Thanks man, i knew it from the start its one of those things you just have to teach yourself about it and practice practice practice... I know active crossovers are better, maybe one day il dare myself to design a tube amp with active crossover, we will see... for now i will keep it "simple" with passive crossover and a tube amp (maybe some low power solid state, i will see whats available on second hand market atm)

Btw, where do you put active XO ? infront of preamp, after, or after power amp ? Is there only one correct way or it depends ? Kinda makes sense to put it after preamp and before power amp.



One more question :) Do you know some tube amp that is cheap and decent quality, under 300e, brand new ?
 
I mean, im not discarding them either, i knew from the get go it would break my budget one way or another :)

Realistically speaking, how much XO would cost for all of this ? 100e ?

Understood, just wanted to make sure you're aware that short of the 'infinite' kind of array it's often an acquired 'taste' if not listening from farther away than typical.

No clue since typically I used whatever 2nd order XO part # Altec, JBL, etc., spec'd or normally just used 1st order PIO caps for 'el cheapo' [very inexpensive] multi-ways for duplex, apartment, dwellers that couldn't turn them up loud enough to [normally] blow them up.
 
Kinda makes sense to put it after preamp and before power amp.

One more question :) Do you know some tube amp that is cheap and decent quality, under 300e, brand new ?

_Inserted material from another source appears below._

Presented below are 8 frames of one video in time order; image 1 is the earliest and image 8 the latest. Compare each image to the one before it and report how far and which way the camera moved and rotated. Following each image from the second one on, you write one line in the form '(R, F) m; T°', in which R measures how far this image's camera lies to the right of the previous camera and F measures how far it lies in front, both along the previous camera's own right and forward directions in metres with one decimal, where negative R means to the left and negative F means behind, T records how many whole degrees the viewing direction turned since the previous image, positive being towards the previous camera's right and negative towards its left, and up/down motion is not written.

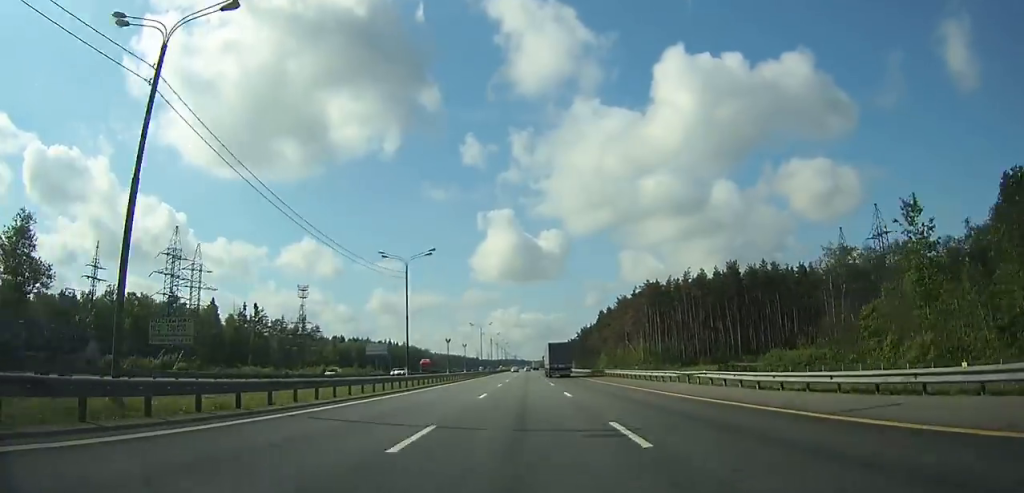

Yes, just before the power stages. Coming to tubes, I have no idea, maybe someone else who knows (there are many) could share some information.

If you're not very confident about doing it all by yourself, just copy a design that is properly documented (like the ones you found). Pay attention to details so that your copy is accurate enough to minimise any deviations. What's most important is to be able to enjoy what you build.